[Data records]
^^^^
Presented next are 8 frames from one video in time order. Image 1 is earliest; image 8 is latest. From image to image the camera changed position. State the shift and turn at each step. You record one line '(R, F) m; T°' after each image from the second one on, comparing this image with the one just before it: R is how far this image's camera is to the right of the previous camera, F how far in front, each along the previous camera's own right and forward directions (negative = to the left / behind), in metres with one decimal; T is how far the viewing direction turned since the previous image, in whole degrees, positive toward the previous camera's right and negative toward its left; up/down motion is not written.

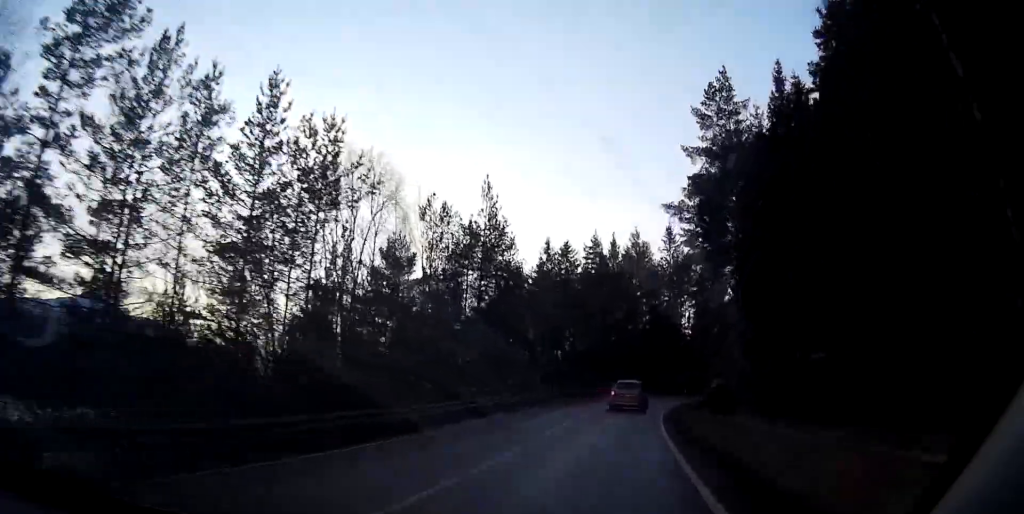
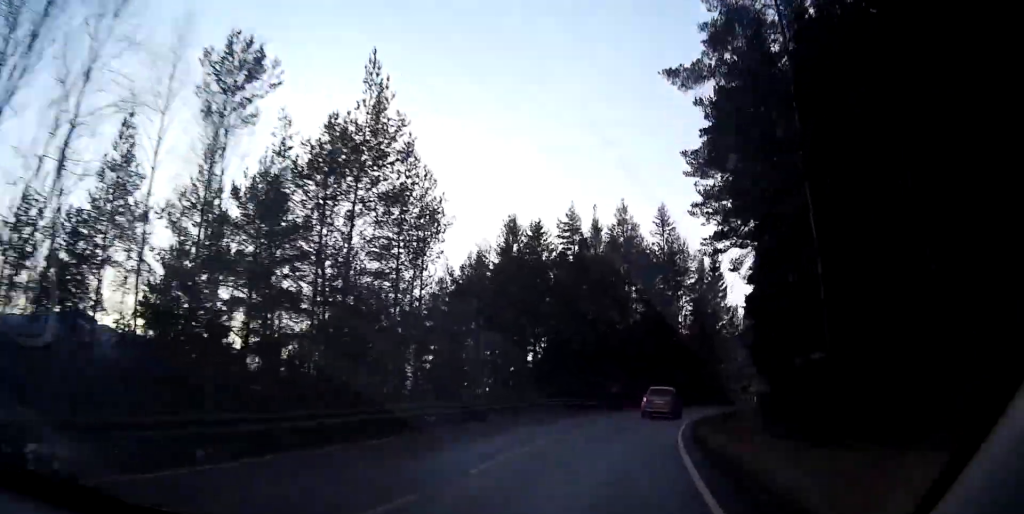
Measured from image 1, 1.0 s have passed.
(-1.5, +17.7) m; -6°
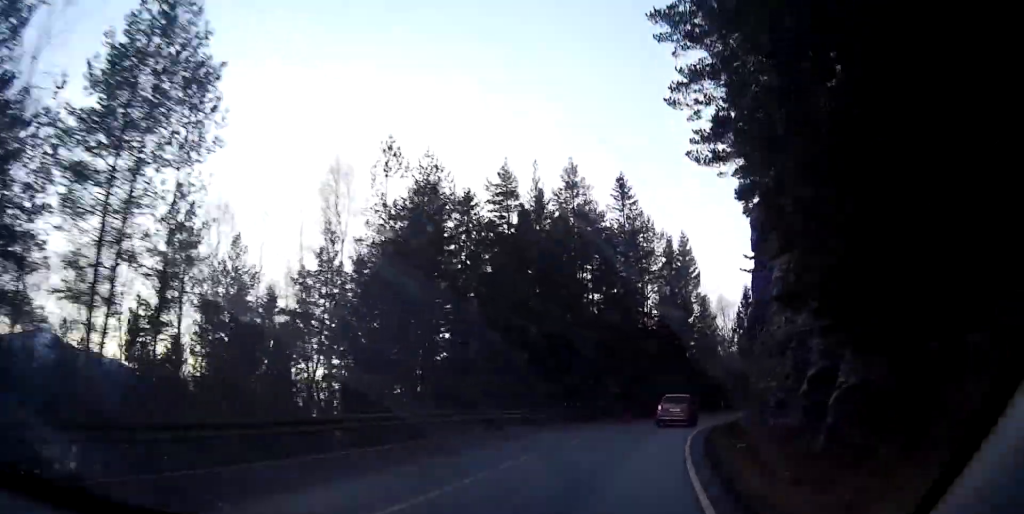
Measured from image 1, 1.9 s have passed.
(-0.4, +15.8) m; +3°
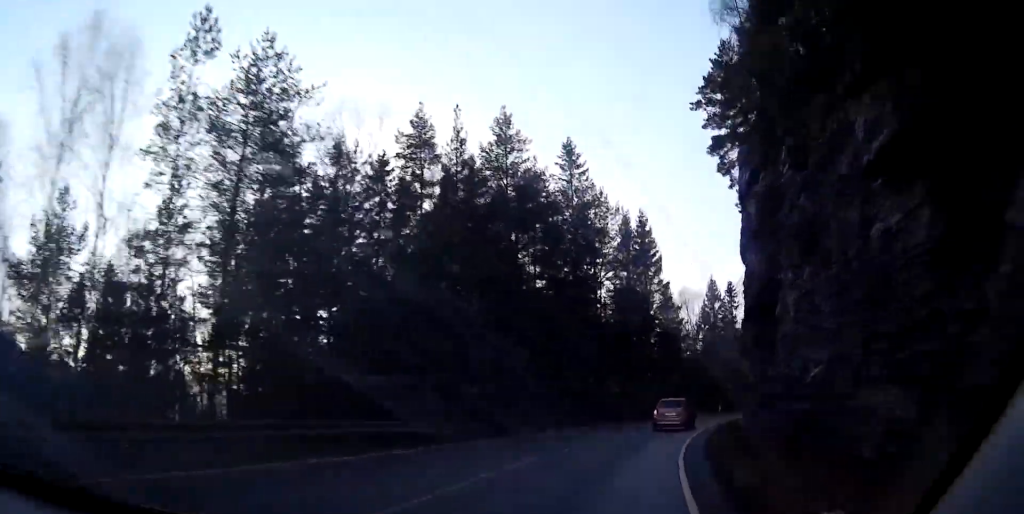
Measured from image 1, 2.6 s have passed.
(+0.8, +11.6) m; +4°
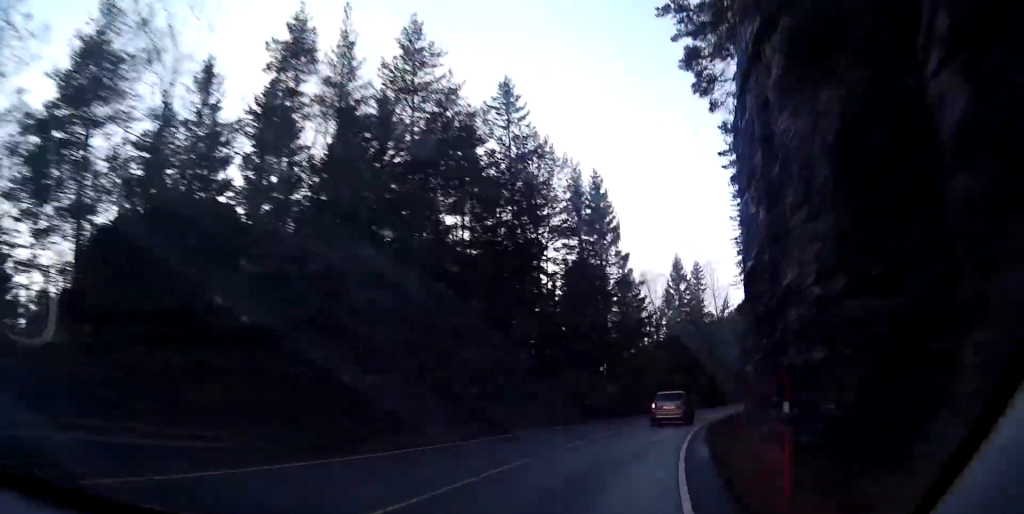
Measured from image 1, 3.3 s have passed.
(+0.5, +12.1) m; +4°
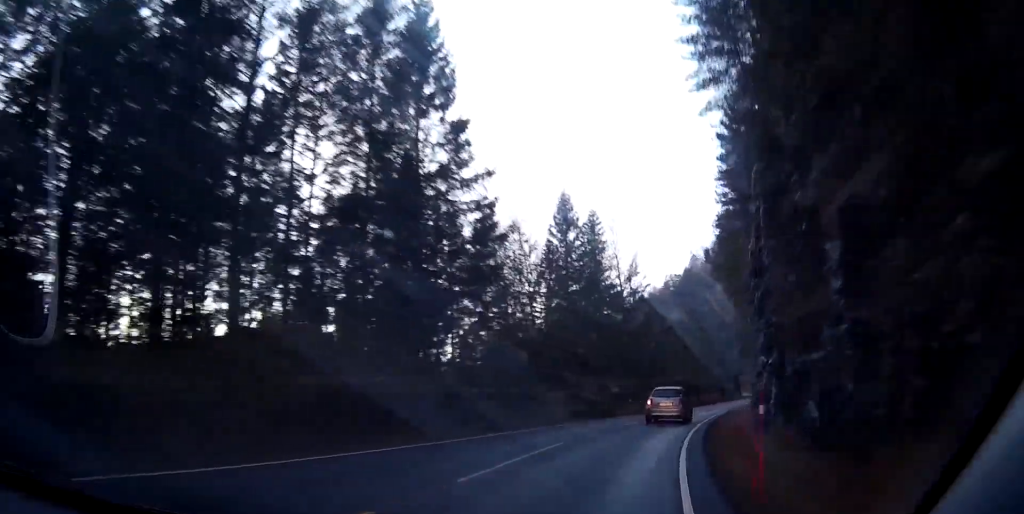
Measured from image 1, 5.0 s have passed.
(+2.4, +30.4) m; +12°
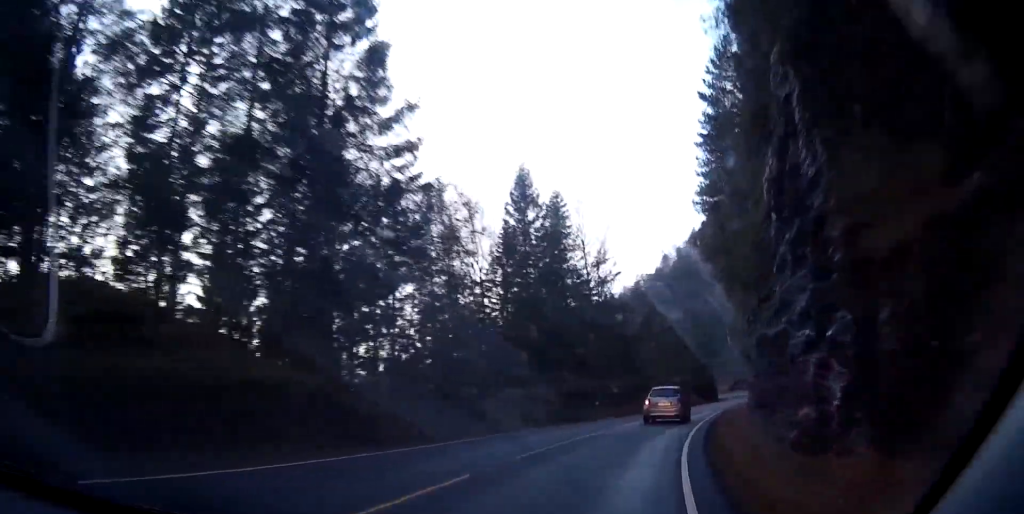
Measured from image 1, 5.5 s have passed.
(+0.6, +7.9) m; +4°
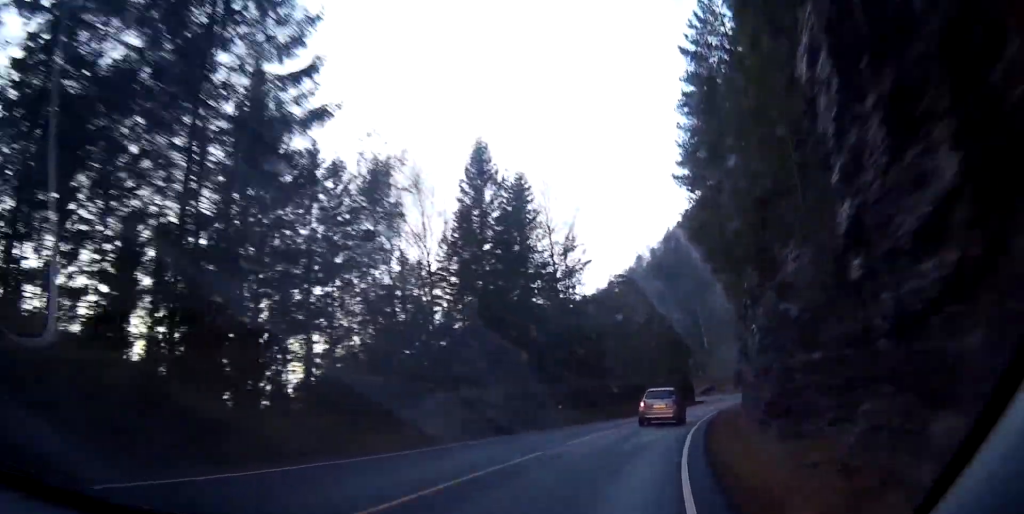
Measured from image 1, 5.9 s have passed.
(0.0, +6.8) m; +3°
^^^^
■ HOW TO COMPLETE THIS TASK: Restate word for word only the lines that run from the line holding "Measured from image 1, 1.0 s have passed." to the end of the data, both ends kept, leaving every picture out.

■ SOLUTION TO THIS TASK:
Measured from image 1, 1.0 s have passed.
(-1.5, +17.7) m; -6°
Measured from image 1, 1.9 s have passed.
(-0.4, +15.8) m; +3°
Measured from image 1, 2.6 s have passed.
(+0.8, +11.6) m; +4°
Measured from image 1, 3.3 s have passed.
(+0.5, +12.1) m; +4°
Measured from image 1, 5.0 s have passed.
(+2.4, +30.4) m; +12°
Measured from image 1, 5.5 s have passed.
(+0.6, +7.9) m; +4°
Measured from image 1, 5.9 s have passed.
(0.0, +6.8) m; +3°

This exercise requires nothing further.